**Task brief:**
After finding the line with "After image 1, 2.6 s have passed." in the entries below, copy that line and each one after it exactly, through the last line, and omit pictures.

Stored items
------------------------------------
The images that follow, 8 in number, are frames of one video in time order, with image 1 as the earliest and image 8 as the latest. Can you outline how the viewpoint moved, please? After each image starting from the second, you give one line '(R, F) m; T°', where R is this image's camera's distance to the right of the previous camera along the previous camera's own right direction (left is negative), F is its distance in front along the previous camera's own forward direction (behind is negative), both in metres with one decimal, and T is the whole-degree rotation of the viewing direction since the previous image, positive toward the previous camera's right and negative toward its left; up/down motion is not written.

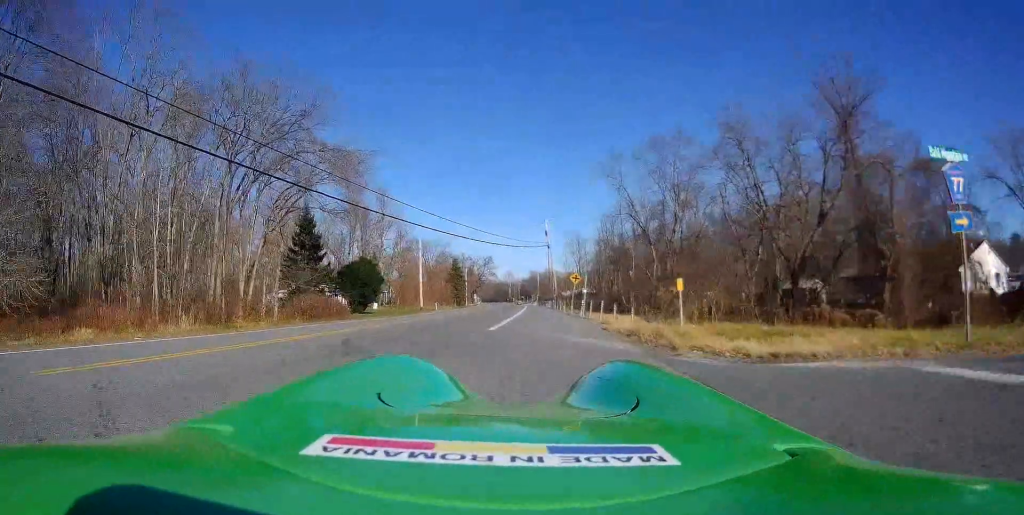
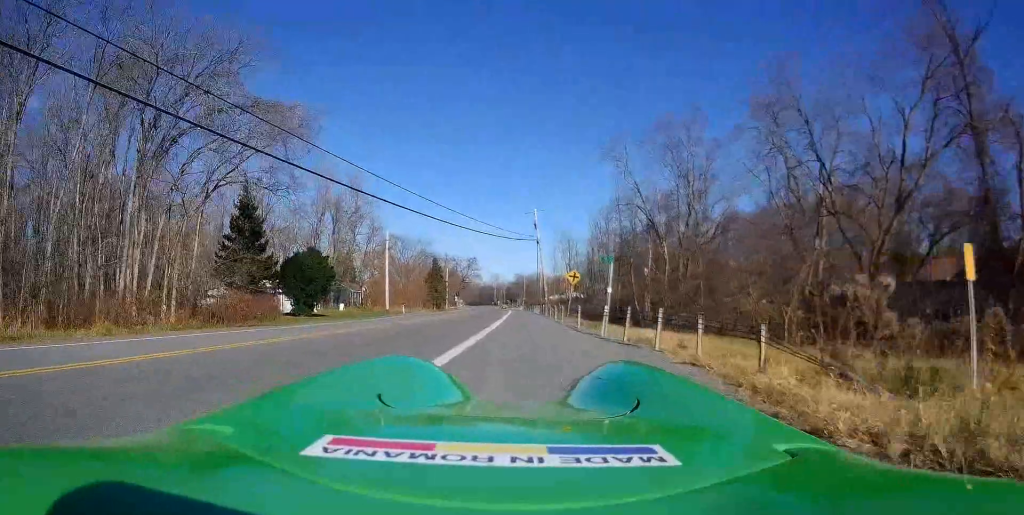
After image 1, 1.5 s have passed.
(0.0, +10.9) m; -1°
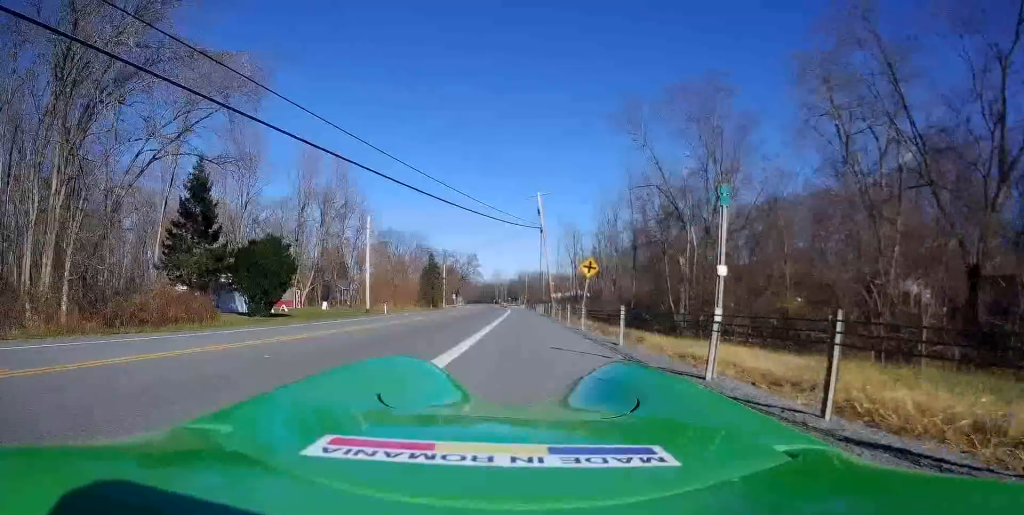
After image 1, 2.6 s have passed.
(-0.1, +8.3) m; +4°
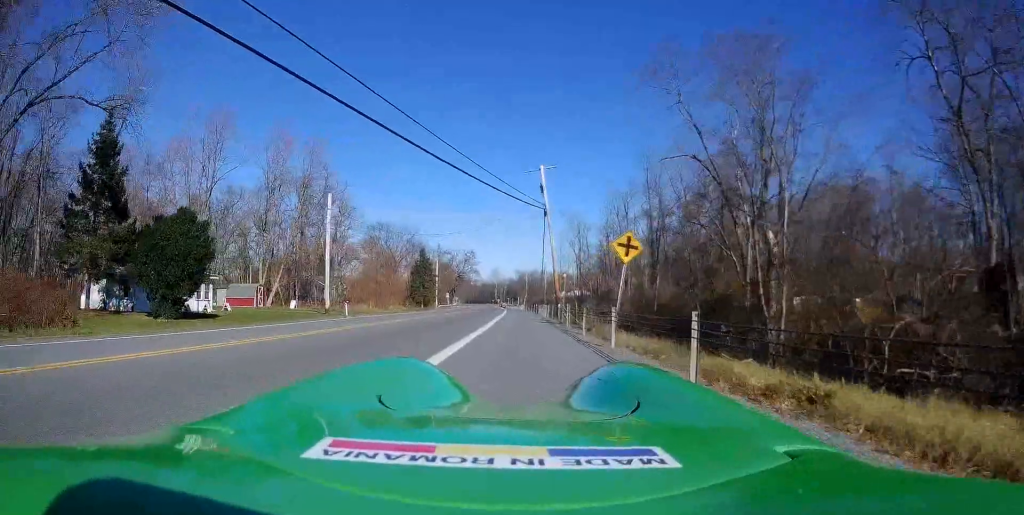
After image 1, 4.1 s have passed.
(+0.3, +11.0) m; -1°
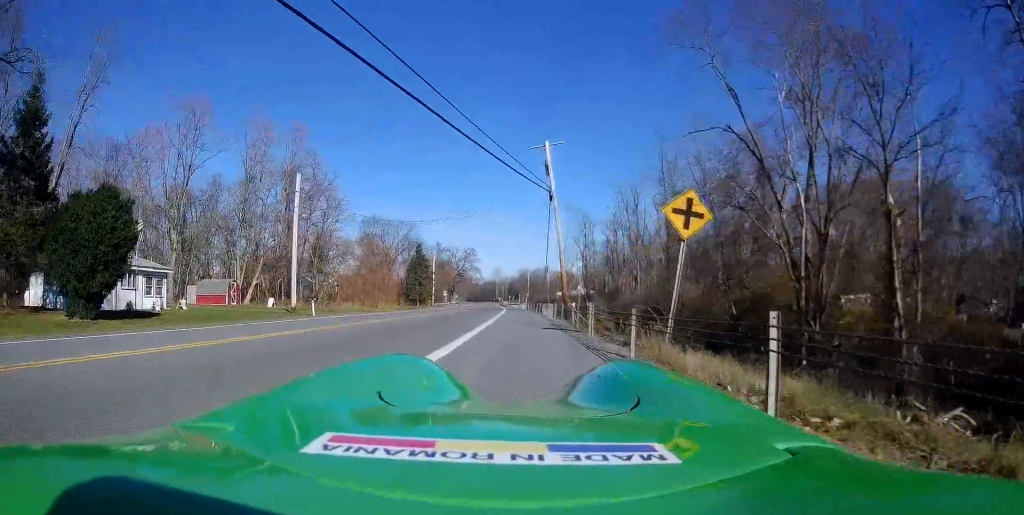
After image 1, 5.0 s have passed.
(-0.1, +6.9) m; 0°
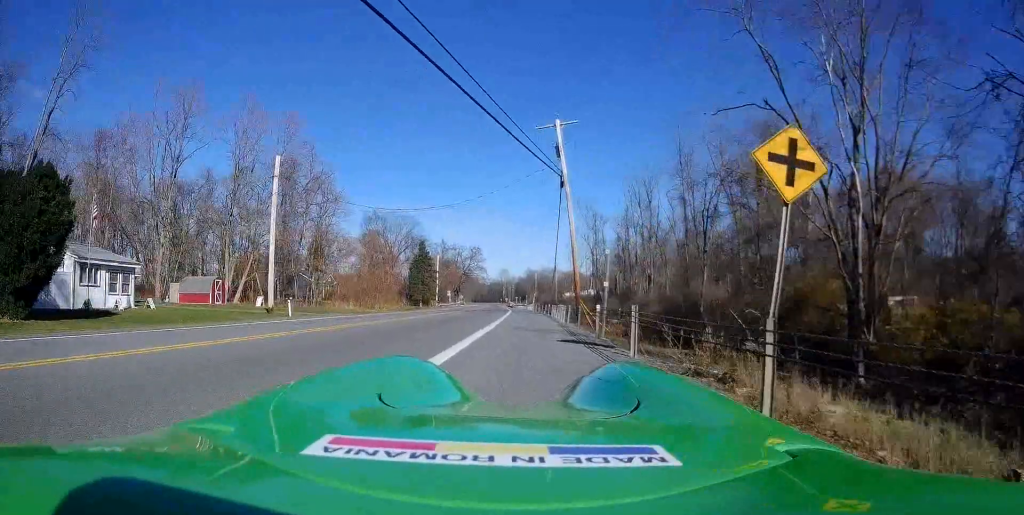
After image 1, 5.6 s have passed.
(+0.2, +4.4) m; +1°
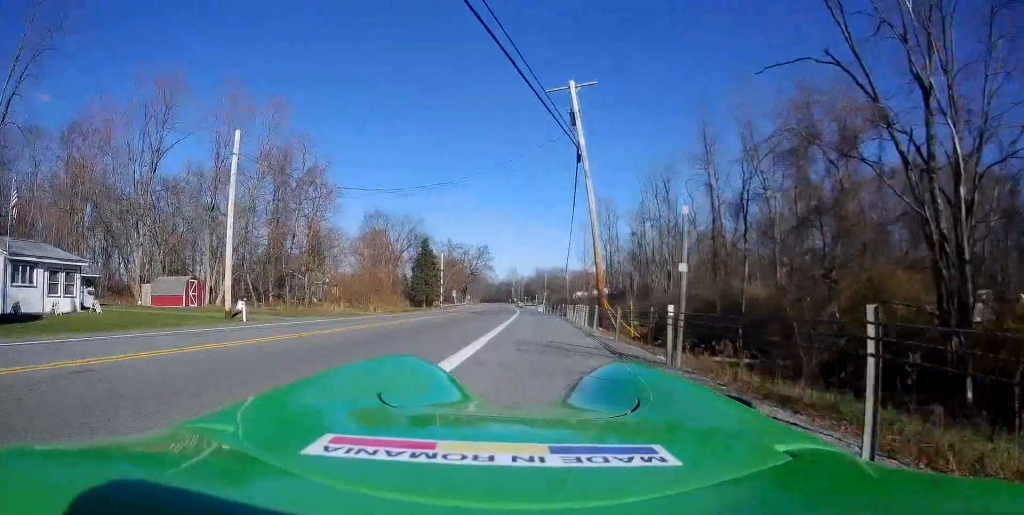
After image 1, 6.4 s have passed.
(-0.3, +6.0) m; +1°
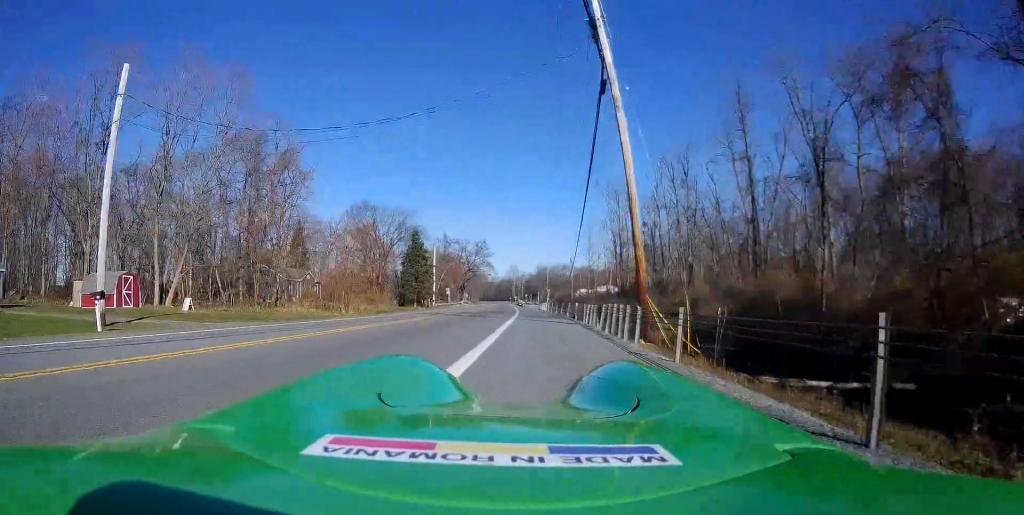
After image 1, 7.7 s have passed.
(+0.3, +9.4) m; -1°
------------------------------------
**Result:**
After image 1, 2.6 s have passed.
(-0.1, +8.3) m; +4°
After image 1, 4.1 s have passed.
(+0.3, +11.0) m; -1°
After image 1, 5.0 s have passed.
(-0.1, +6.9) m; 0°
After image 1, 5.6 s have passed.
(+0.2, +4.4) m; +1°
After image 1, 6.4 s have passed.
(-0.3, +6.0) m; +1°
After image 1, 7.7 s have passed.
(+0.3, +9.4) m; -1°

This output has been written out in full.